Thursday, June 11, 2015

catching up (again)

Phew I feel like the week after a horse show is one big mess of trying to catch up. So many things happened before Waredaca - including xc schooling, fun fun! (but that post is still to come) - and even more has happened since. 

So I'm squishing two lessons into this post: our lesson at OF right before the event (from which I have loads of media) and our lesson with Dan earlier this week (from which I have zero media).


isabel loves the barn rats. they understand how to treat a princess - and are shown here catering to her voracious appetite for hay
Tho if we're being honest - I occasionally wonder where this drive to document everything comes from. Like, will the world end if I fail to write about one lesson? Do I think readers are waiting with bated breath to hear that we went somewhere and jumped something? Probably not. But I think there's more to it than that. 

The thing is, I really like horses. Like reeeally like them - like whoa. And my life is generally better with horses around. I'm probably preachin' to the choir here lol. But every now and then this little voice creeps in telling me to appreciate what I've got. 


See - my current equestrian situation is unlike anything I've ever experienced, especially as someone who has never owned a horse.
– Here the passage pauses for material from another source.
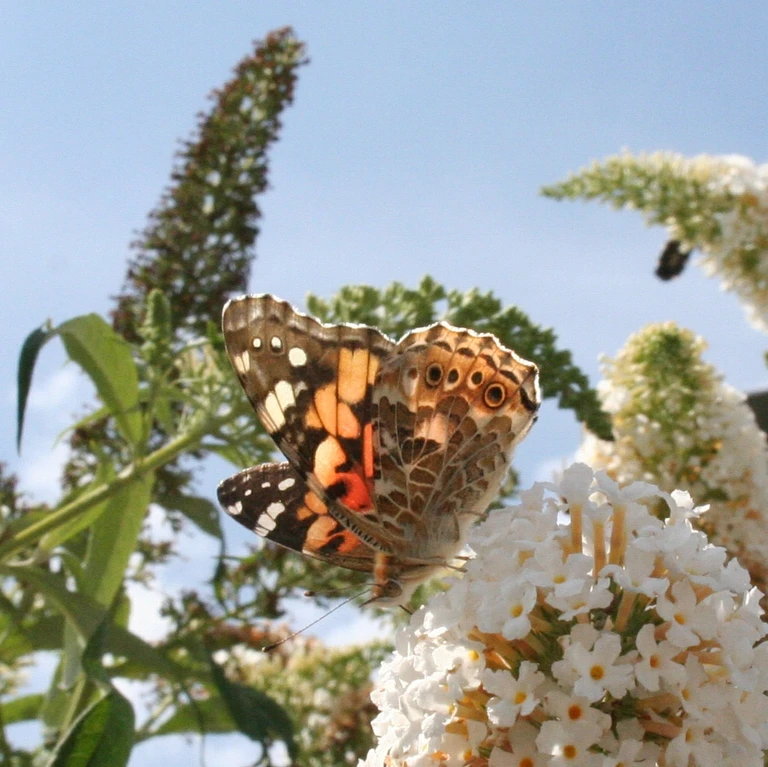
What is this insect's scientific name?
Vanessa cardui
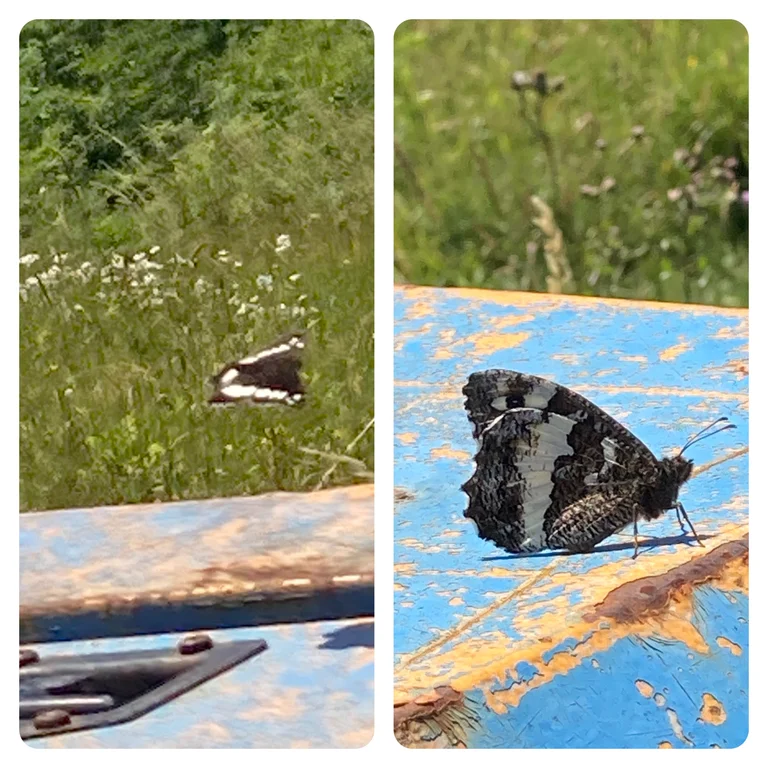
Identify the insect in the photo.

And all these things we're doing right now? All these lessons and shows, and traveling around wherever whenever? It's a fulfillment of so many childhood hopes and dreams. And it feels GOOD. And the possibilities seem endless. 

But we know better - we know that there's no such thing as endless, and especially with horses it's foolish to think a good thing will last forever. It's my goal to keep riding at this level and beyond and to keep Isabel as my partner for as long as I can - but someday things will be different. And that's ok. But a major motivation for this blog is to document it so I can look back later and remember these moments.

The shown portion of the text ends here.